Ms. Pitt was also known for the fashionable hand-painted coats she created (and sold), using images from her films and popular culture. And her animation film work was used in the set designs of two operas, Mozart’s “The Magic Flute” and Berlioz’s “The Damnation of Faust,” both staged in West Germany in the 1980s.

Ms. Pitt, who received a Guggenheim Fellowship in 2000, taught animation at Harvard and the California Institute of the Arts in Santa Clarita.

In 2017, the Museum of Modern Art in New York presented five of her restored films, continuing a relationship with her that began in 1979 with a showing of “Asparagus.” Josh Siegel, a film curator at MoMA, said in a phone interview that Ms. Pitt had thrived as an independent filmmaker “entirely because of her singular vision, her sense of humor and her wicked, subversive aesthetic.”

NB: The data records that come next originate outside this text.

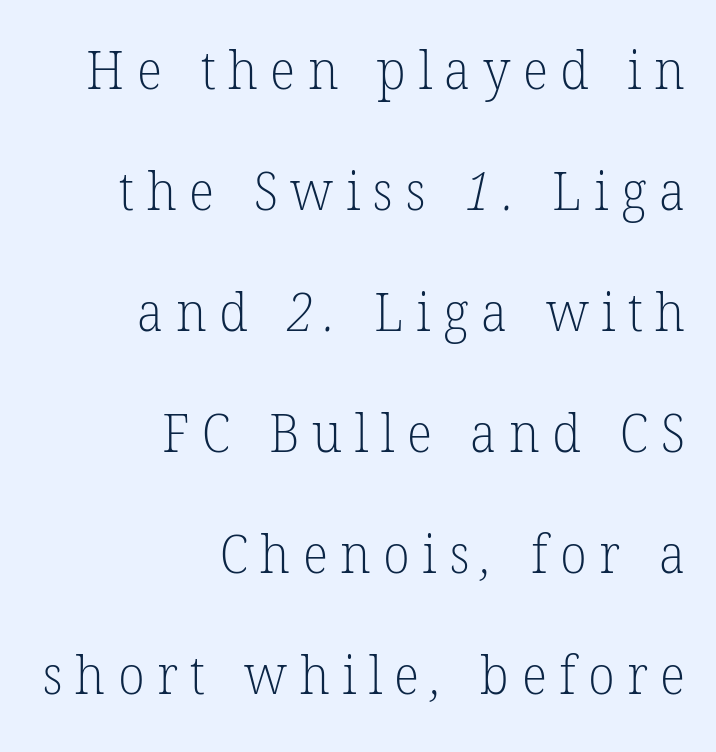
The image shows 54 px light serif type; set right-aligned, loose line spacing (2.24x), unusually wide letter spacing (+0.23 em), not underlined; low stroke contrast and a medium x-height.
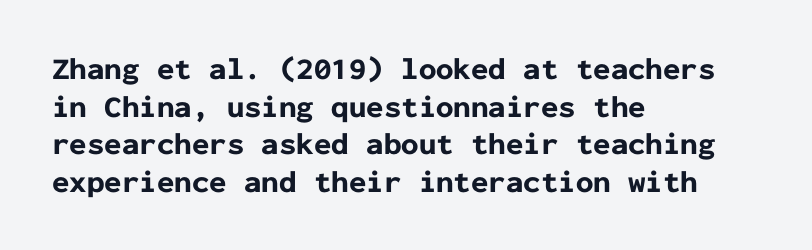
The image shows 31 px bold sans-serif type, upright, monospaced; set left-aligned, line spacing 1.21x, normal letter spacing, not underlined; low stroke contrast and a medium x-height.
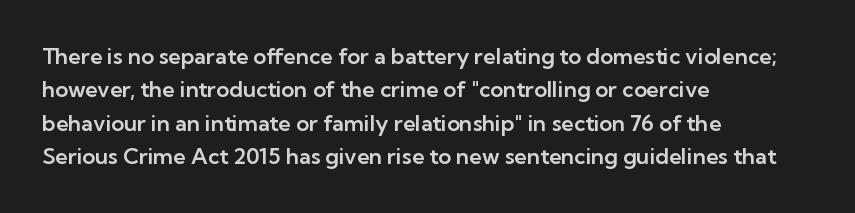
{"italic": "no", "underline": "no", "align": "left", "line_spacing": "normal", "line_spacing_ratio": 1.52, "letter_spacing": "normal", "letter_spacing_em": 0.0, "glyph_px": 22}
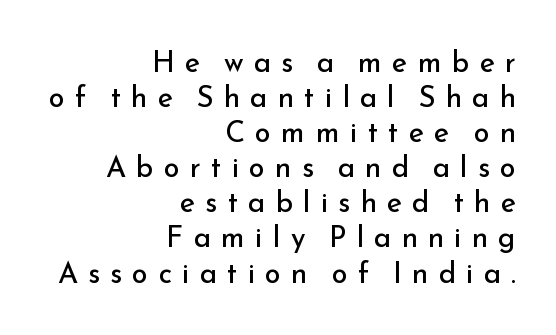
The image shows 29 px regular-weight sans-serif type, upright; set right-aligned, line spacing 1.21x, unusually wide letter spacing (+0.35 em), not underlined; low stroke contrast and a small x-height.

Ms. Pitt is survived by her son; her sister, Melinda Carlton; and her brother, John. Her marriage to Alan Kraning ended in divorce.

Her final film, “Pinball” (2013), sets her largely abstract paintings — which flash by in a whirl of imagery — to music that George Antheil composed for Fernand Léger’s film “Ballet Mécanique” (1924) and subsequently revised.

“Think of ‘Pinball,’ ” Ms. Pitt said on her website about this seven-minute movie, “as a spinning flying saucer which lands in your yard, performs, and then flies away to the sound of film flapping in a projector.”